**Work to complete**
Your task is to copy each line of the material that holds the word "width".

**Task data**
──────

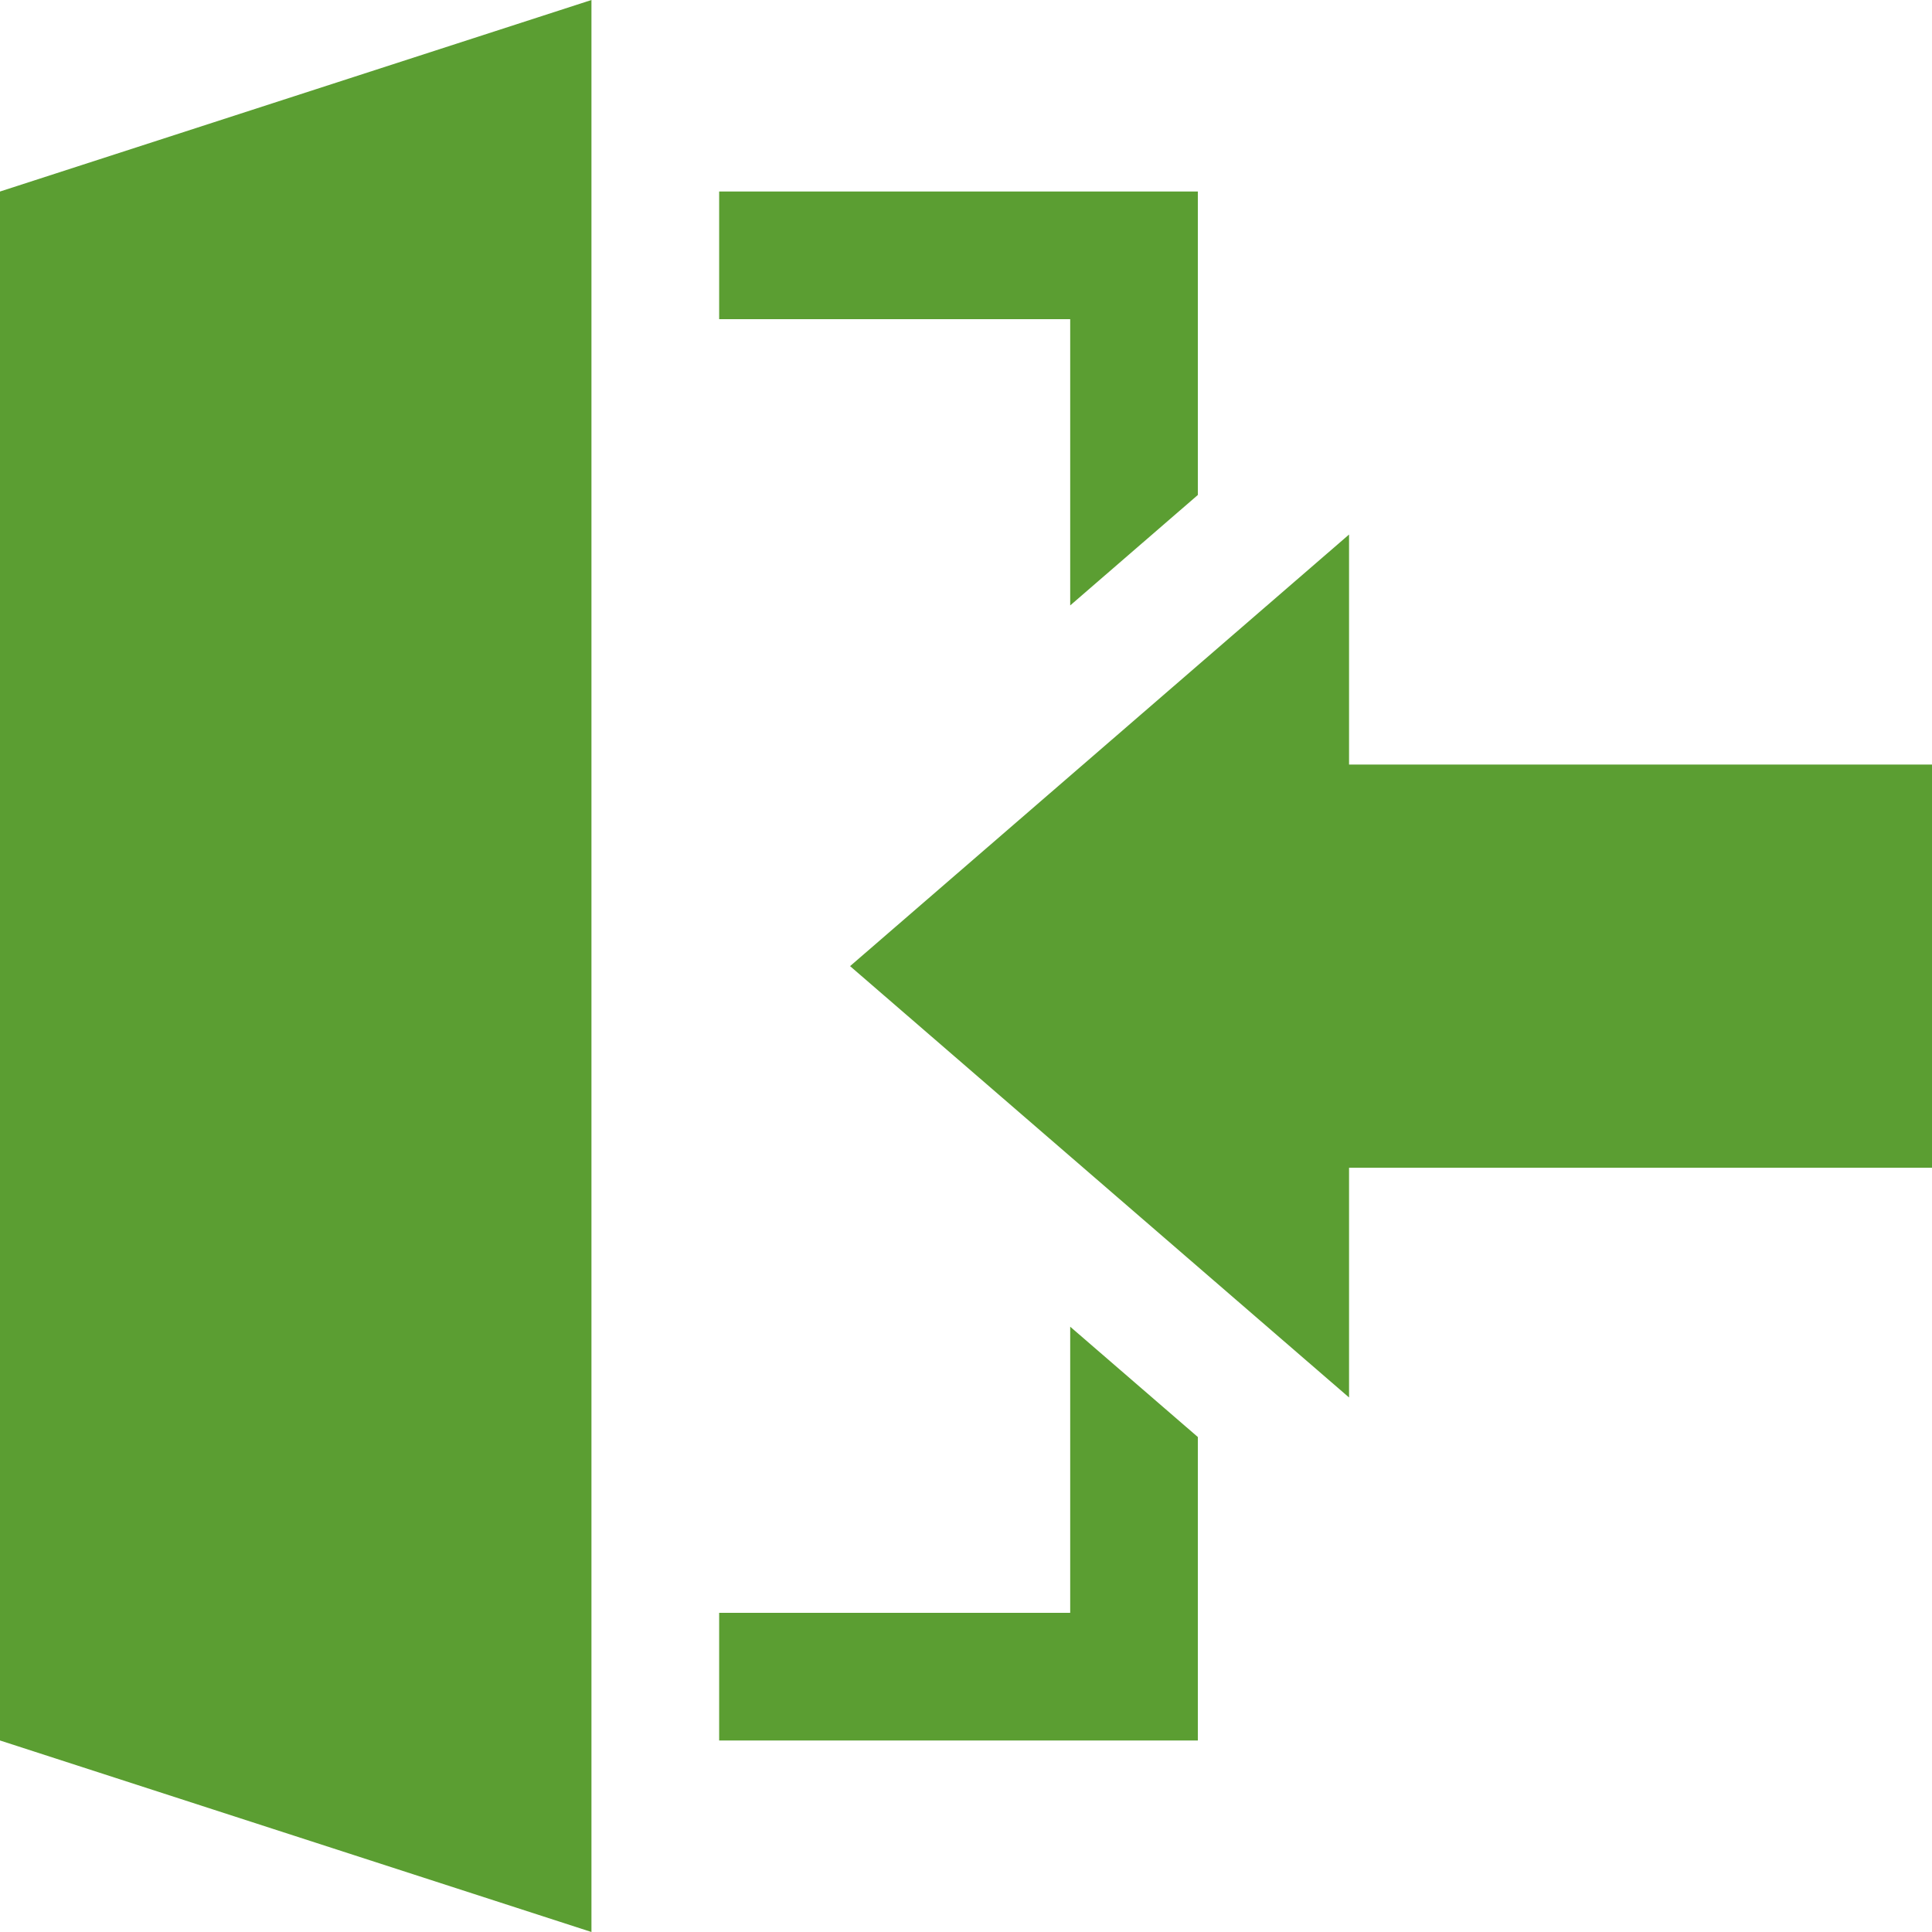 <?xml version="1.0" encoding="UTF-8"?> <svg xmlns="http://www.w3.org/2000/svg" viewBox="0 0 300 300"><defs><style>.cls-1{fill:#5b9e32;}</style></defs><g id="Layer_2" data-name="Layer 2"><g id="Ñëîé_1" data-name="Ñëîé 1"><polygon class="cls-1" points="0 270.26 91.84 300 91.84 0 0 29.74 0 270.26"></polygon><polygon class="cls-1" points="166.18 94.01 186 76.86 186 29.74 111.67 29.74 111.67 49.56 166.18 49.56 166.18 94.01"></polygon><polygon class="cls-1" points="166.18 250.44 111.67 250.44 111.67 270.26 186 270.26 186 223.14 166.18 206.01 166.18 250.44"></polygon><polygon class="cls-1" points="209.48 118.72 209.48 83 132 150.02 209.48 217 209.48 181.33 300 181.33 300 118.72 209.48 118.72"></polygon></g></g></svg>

──────

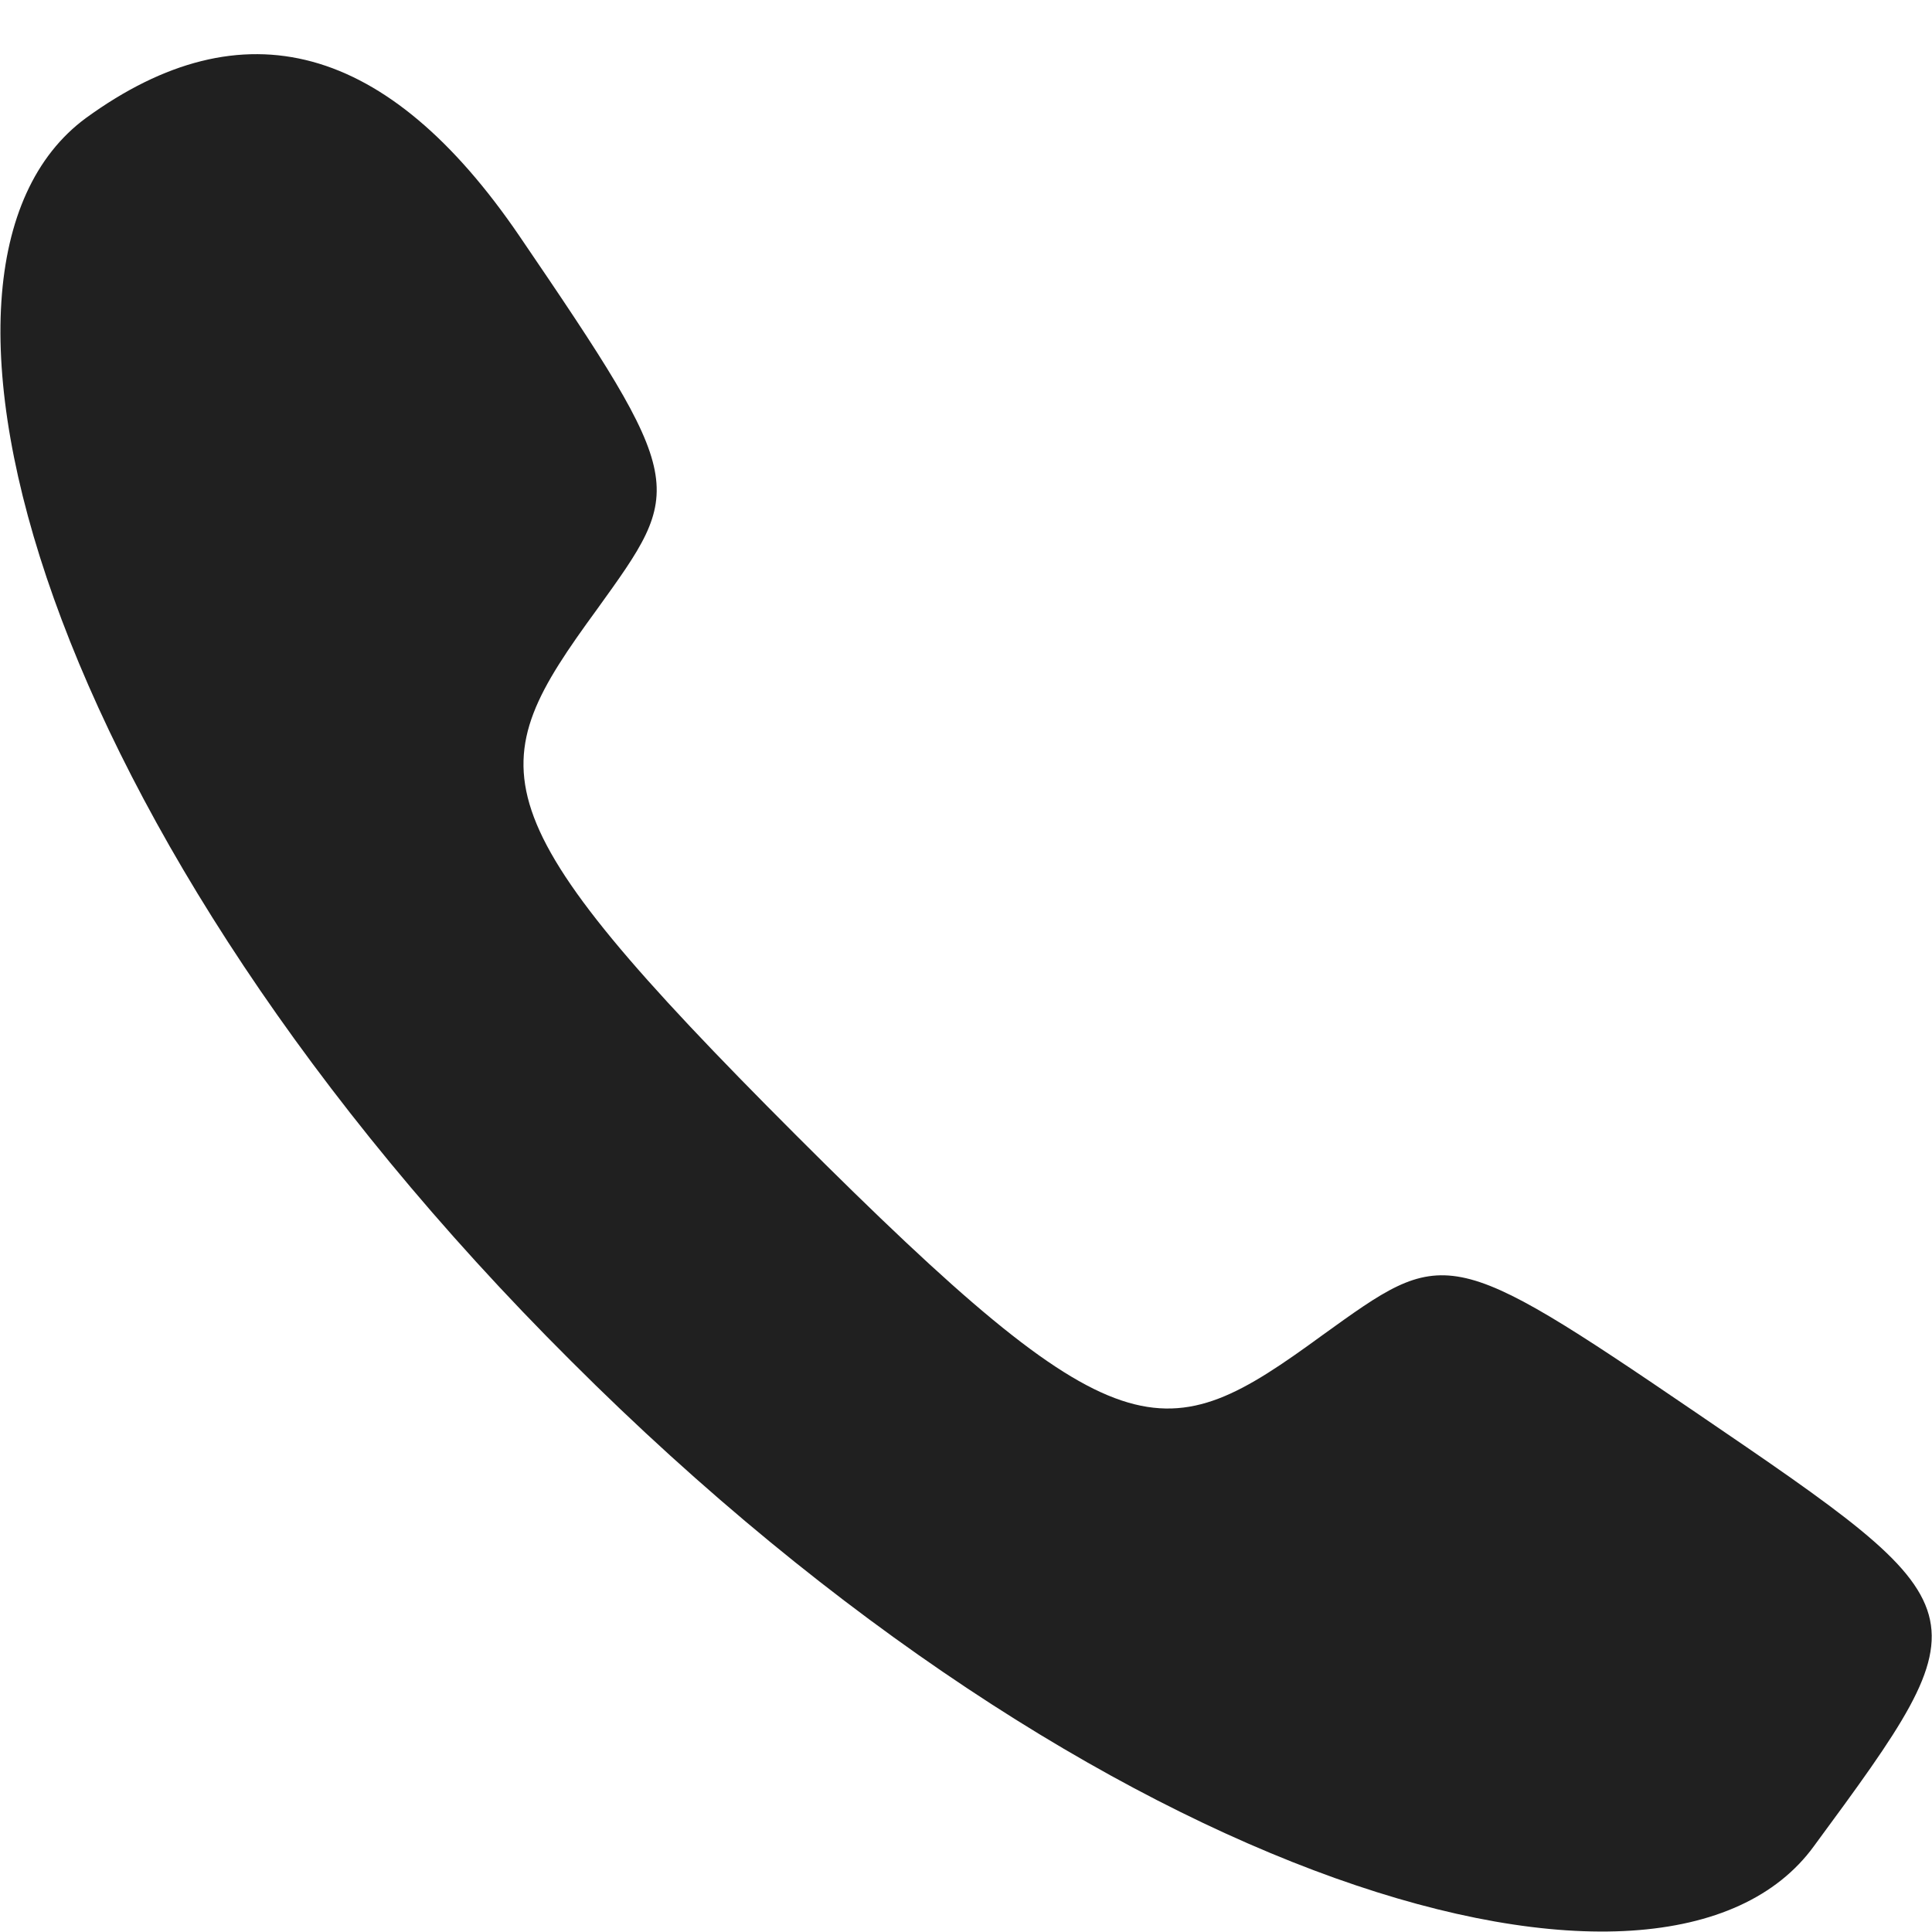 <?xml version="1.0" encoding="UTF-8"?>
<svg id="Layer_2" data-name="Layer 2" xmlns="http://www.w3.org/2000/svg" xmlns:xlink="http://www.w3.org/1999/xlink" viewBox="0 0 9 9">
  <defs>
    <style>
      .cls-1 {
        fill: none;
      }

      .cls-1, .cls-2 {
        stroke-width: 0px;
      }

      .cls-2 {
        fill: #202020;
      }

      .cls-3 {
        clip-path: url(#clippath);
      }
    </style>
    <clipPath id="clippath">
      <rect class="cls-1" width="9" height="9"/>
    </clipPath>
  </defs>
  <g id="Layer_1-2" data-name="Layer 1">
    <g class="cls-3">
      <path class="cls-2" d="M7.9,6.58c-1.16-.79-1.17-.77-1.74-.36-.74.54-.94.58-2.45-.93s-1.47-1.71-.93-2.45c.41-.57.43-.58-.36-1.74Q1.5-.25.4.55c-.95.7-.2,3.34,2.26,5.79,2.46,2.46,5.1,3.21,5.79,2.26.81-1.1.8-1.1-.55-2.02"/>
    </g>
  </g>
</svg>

──────

**Exercise answer**
        stroke-width: 0px;
      <rect class="cls-1" width="9" height="9"/>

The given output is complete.